--- START ---

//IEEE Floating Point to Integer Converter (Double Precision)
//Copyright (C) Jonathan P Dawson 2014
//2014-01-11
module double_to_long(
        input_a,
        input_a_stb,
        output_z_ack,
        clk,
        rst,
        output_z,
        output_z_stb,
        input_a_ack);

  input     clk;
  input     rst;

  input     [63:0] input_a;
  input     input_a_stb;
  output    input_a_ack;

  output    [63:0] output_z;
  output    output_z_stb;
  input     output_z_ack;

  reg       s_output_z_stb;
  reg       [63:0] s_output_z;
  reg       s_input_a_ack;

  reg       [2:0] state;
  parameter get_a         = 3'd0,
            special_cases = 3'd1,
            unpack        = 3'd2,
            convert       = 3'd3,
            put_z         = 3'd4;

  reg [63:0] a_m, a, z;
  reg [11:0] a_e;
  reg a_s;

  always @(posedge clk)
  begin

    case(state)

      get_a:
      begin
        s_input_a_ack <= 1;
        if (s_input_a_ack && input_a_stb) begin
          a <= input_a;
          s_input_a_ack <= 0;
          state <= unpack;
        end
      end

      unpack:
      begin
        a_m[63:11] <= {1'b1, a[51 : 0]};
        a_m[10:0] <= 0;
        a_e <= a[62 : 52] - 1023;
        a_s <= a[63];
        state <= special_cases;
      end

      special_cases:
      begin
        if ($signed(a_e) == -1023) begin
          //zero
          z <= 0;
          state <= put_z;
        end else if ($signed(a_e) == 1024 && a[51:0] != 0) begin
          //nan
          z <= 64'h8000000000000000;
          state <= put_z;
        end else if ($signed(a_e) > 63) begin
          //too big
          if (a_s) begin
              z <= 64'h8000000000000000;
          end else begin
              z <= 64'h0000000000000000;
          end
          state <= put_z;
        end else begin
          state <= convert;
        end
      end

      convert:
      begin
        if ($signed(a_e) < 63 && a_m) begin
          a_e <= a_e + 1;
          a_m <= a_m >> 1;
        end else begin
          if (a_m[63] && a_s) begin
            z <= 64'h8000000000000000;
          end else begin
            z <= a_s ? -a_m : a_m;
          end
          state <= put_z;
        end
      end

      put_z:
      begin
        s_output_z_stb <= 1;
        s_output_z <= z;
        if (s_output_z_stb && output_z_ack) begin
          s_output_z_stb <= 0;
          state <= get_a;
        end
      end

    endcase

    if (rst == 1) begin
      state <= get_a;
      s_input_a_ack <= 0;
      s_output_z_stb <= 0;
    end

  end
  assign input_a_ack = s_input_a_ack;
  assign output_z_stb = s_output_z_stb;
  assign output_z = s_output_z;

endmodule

--- END ---

■ **Task**: Include the first line, the line containing "a <= input_a;", and every line between them, copied exactly from the material above; output no other line.

■ **Answer to this problem**:
//IEEE Floating Point to Integer Converter (Double Precision)
//Copyright (C) Jonathan P Dawson 2014
//2014-01-11
module double_to_long(
        input_a,
        input_a_stb,
        output_z_ack,
        clk,
        rst,
        output_z,
        output_z_stb,
        input_a_ack);

  input     clk;
  input     rst;

  input     [63:0] input_a;
  input     input_a_stb;
  output    input_a_ack;

  output    [63:0] output_z;
  output    output_z_stb;
  input     output_z_ack;

  reg       s_output_z_stb;
  reg       [63:0] s_output_z;
  reg       s_input_a_ack;

  reg       [2:0] state;
  parameter get_a         = 3'd0,
            special_cases = 3'd1,
            unpack        = 3'd2,
            convert       = 3'd3,
            put_z         = 3'd4;

  reg [63:0] a_m, a, z;
  reg [11:0] a_e;
  reg a_s;

  always @(posedge clk)
  begin

    case(state)

      get_a:
      begin
        s_input_a_ack <= 1;
        if (s_input_a_ack && input_a_stb) begin
          a <= input_a;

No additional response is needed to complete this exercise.